Data provided:
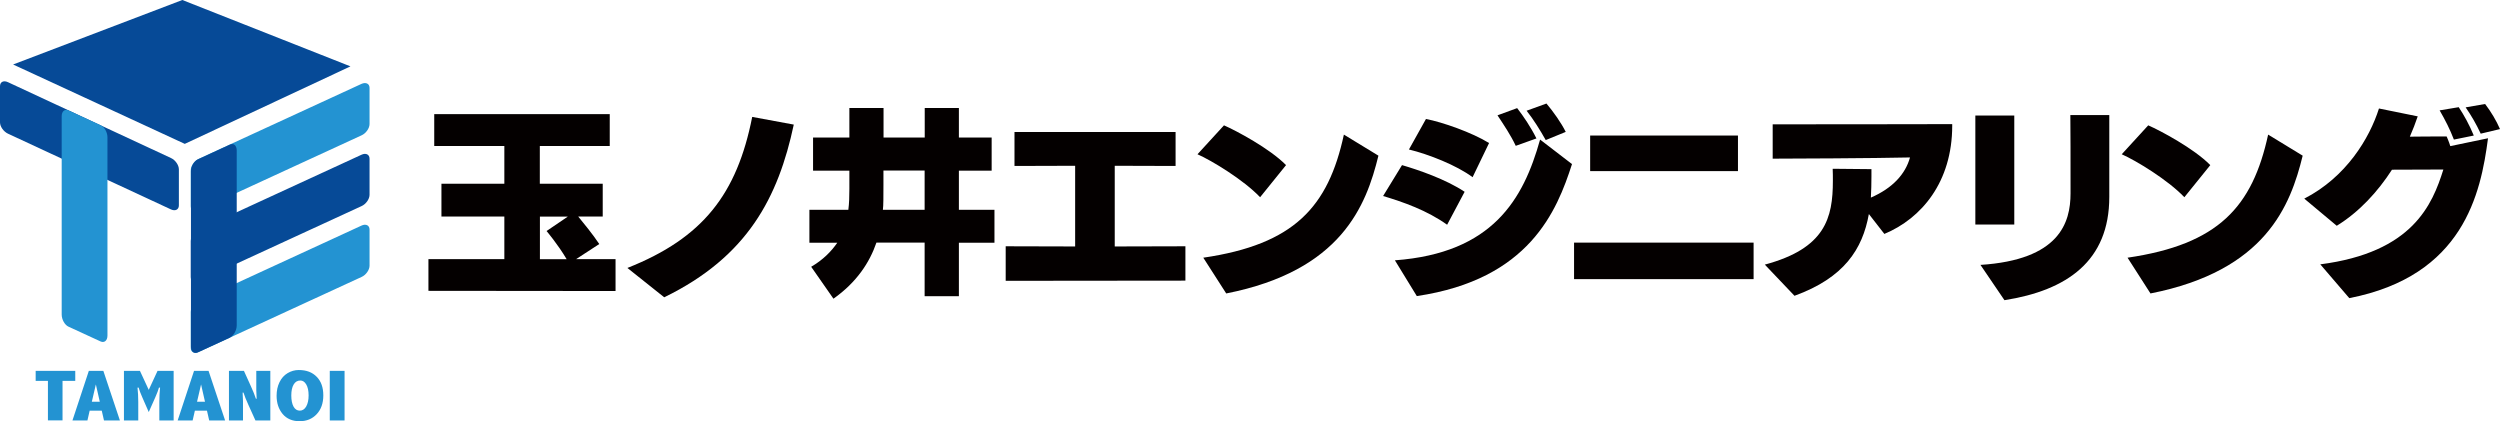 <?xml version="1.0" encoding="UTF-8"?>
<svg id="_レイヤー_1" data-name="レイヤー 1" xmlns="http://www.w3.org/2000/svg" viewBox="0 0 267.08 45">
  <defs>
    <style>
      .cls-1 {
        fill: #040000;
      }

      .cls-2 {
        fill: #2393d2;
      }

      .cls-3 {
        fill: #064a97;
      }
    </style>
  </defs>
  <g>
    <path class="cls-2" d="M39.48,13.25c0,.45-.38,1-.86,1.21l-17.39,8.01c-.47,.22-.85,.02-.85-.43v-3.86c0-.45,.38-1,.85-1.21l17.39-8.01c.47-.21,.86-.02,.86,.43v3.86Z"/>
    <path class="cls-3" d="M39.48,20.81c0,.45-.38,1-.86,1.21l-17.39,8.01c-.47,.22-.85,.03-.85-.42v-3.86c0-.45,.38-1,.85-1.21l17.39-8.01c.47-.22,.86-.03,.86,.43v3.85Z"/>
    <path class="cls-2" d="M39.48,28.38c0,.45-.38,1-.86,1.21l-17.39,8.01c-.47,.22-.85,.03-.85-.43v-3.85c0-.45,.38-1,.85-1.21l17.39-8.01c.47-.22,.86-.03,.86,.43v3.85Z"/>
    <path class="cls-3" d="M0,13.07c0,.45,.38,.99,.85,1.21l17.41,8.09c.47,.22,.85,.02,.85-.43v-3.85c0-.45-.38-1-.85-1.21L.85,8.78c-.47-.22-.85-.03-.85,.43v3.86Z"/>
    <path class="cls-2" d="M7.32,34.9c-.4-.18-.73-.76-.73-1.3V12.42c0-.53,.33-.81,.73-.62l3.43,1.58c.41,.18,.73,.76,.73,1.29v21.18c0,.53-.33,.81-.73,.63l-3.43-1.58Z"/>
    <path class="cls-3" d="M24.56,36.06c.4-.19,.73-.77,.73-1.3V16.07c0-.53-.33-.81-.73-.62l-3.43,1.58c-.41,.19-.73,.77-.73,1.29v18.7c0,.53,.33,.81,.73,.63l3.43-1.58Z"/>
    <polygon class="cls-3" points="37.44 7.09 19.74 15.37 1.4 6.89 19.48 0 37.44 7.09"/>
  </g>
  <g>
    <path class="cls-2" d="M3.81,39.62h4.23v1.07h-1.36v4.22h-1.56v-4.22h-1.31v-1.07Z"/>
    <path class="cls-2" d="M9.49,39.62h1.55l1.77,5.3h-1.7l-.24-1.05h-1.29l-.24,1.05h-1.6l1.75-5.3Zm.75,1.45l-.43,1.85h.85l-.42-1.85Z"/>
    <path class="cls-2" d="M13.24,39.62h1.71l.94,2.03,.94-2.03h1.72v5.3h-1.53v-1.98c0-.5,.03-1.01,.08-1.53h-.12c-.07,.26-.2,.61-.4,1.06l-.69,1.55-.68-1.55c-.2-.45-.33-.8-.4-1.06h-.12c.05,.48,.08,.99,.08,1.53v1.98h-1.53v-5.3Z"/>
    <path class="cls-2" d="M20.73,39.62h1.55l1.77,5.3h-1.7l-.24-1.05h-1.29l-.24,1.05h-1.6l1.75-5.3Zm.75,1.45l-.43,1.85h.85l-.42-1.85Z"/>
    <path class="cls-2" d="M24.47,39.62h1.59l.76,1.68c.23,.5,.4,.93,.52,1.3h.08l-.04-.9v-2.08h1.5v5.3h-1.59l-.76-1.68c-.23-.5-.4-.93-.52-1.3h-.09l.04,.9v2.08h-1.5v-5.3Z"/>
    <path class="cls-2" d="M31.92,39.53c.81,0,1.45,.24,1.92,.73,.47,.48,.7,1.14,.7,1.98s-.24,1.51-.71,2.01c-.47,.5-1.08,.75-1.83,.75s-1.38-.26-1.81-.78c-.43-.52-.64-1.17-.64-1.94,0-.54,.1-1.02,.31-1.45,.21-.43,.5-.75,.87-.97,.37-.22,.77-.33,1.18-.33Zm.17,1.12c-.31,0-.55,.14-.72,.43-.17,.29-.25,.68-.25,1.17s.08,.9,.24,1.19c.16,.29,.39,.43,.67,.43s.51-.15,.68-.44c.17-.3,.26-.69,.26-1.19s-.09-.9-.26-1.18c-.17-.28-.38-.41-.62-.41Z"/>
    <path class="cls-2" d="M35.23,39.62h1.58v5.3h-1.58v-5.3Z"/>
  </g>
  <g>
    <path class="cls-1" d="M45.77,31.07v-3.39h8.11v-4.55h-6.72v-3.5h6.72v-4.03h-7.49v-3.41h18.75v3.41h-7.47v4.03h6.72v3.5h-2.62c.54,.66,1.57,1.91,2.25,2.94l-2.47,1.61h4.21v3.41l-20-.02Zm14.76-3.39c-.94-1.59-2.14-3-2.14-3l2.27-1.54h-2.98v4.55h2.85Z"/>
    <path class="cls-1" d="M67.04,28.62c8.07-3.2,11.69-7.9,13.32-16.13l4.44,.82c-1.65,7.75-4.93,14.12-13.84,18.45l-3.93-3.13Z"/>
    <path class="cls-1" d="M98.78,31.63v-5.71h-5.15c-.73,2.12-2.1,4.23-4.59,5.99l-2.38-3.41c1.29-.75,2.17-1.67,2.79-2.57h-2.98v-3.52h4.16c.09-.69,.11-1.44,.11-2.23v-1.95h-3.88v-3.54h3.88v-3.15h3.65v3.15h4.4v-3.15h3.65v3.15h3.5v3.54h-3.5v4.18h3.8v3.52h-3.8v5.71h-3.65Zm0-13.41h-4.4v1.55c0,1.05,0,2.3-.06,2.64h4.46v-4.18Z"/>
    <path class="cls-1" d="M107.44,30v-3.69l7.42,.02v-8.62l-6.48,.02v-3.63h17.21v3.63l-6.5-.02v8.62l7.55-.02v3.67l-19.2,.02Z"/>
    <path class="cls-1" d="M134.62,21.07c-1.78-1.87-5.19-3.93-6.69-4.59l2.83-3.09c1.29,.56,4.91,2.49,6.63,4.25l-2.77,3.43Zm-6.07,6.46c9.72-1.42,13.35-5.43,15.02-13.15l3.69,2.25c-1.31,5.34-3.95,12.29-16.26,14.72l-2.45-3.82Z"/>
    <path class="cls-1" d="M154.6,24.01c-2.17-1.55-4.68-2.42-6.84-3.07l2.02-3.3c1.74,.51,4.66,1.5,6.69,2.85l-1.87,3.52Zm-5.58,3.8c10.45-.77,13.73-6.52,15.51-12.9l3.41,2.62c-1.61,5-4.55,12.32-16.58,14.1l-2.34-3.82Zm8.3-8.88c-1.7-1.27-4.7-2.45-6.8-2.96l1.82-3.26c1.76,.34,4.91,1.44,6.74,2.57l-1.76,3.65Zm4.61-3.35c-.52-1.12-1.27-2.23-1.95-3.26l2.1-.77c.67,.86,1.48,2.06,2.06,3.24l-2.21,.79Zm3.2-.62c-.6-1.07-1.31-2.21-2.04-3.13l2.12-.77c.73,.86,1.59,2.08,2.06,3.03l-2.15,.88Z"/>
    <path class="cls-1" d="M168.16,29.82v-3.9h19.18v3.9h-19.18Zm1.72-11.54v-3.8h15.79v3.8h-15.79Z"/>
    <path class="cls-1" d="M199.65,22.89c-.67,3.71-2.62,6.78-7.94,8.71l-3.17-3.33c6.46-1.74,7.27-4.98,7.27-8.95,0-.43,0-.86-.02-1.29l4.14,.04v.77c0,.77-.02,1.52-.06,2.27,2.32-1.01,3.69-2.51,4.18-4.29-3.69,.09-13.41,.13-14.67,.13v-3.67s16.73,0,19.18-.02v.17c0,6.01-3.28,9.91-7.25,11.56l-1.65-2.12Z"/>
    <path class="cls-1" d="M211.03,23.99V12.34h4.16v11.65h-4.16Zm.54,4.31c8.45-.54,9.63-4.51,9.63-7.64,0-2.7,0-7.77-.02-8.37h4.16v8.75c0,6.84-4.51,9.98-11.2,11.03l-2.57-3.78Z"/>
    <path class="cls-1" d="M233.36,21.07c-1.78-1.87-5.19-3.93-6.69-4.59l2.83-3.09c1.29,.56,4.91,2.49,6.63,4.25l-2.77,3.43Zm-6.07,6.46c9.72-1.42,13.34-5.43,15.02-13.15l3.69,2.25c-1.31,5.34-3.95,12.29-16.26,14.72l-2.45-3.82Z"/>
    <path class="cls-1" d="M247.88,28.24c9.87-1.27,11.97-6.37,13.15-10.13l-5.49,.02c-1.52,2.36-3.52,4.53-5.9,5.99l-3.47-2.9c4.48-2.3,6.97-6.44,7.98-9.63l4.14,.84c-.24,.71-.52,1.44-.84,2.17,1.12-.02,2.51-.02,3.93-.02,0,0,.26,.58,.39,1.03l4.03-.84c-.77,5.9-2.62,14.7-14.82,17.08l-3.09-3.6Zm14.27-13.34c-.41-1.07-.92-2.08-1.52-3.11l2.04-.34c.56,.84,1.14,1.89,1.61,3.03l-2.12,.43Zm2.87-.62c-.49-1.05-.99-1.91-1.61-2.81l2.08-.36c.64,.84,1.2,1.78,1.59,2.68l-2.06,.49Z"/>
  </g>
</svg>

What needs to be done: Each line in the entries above that includes the string "fill" should be extracted.

Response to this exercise:
        fill: #040000;
        fill: #2393d2;
        fill: #064a97;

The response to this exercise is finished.